──────── Material for this exercise ────────

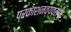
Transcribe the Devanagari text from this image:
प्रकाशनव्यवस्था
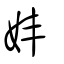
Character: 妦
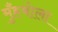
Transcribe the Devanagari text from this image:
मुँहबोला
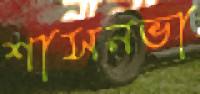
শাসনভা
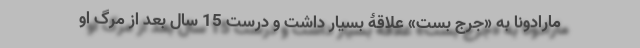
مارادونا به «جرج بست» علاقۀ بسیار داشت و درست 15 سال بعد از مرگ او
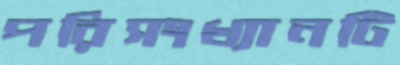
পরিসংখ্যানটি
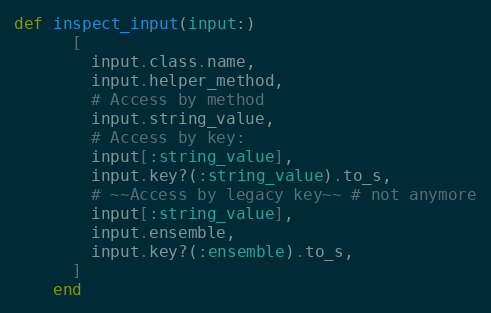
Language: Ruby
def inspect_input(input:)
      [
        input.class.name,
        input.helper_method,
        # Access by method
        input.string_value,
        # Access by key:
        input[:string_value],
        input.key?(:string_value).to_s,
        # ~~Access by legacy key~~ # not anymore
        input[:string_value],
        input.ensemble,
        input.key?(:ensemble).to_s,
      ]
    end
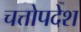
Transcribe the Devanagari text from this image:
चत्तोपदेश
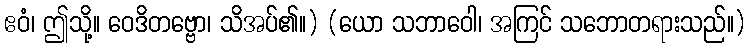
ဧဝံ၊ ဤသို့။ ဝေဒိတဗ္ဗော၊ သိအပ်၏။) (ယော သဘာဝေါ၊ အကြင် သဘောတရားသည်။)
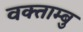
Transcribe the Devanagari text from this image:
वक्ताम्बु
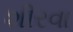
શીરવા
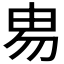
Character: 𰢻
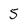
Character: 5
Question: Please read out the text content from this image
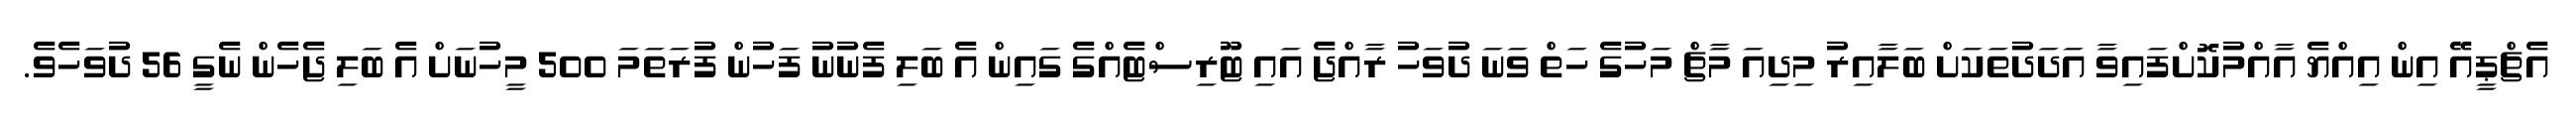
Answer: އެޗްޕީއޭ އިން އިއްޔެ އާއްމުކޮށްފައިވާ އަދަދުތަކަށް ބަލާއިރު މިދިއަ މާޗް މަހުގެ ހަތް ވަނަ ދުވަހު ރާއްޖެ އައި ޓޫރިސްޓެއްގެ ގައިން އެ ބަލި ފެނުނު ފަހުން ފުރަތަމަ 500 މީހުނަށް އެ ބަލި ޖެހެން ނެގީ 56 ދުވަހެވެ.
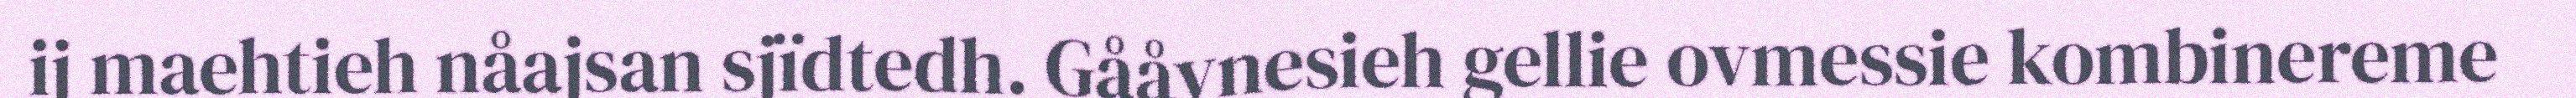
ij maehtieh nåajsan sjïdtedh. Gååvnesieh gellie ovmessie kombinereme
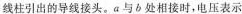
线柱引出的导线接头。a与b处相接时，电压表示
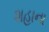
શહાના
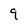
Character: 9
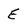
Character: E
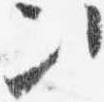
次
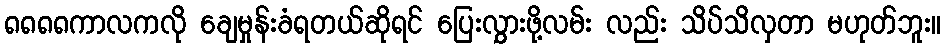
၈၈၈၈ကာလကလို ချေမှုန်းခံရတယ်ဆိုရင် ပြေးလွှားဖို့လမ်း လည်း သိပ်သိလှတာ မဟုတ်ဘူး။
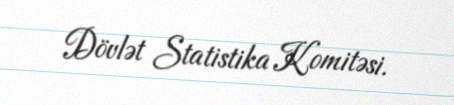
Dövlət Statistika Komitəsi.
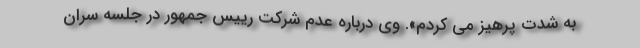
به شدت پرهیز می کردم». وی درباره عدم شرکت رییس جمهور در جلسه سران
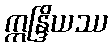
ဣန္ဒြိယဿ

────────

Task item
Up to and including the line that holds "Question: Please read", restate word for word each line of the records from their start, and only those lines, leaving out the pictures.

Solution below
Transcribe the Devanagari text from this image:
प्रकाशनव्यवस्था
Character: 妦
Transcribe the Devanagari text from this image:
मुँहबोला
শাসনভা
مارادونا به «جرج بست» علاقۀ بسیار داشت و درست 15 سال بعد از مرگ او
পরিসংখ্যানটি
Language: Ruby
def inspect_input(input:)
      [
        input.class.name,
        input.helper_method,
        # Access by method
        input.string_value,
        # Access by key:
        input[:string_value],
        input.key?(:string_value).to_s,
        # ~~Access by legacy key~~ # not anymore
        input[:string_value],
        input.ensemble,
        input.key?(:ensemble).to_s,
      ]
    end
Transcribe the Devanagari text from this image:
चत्तोपदेश
ဧဝံ၊ ဤသို့။ ဝေဒိတဗ္ဗော၊ သိအပ်၏။) (ယော သဘာဝေါ၊ အကြင် သဘောတရားသည်။)
Transcribe the Devanagari text from this image:
वक्ताम्बु
શીરવા
Character: 𰢻
Character: 5
Question: Please read out the text content from this image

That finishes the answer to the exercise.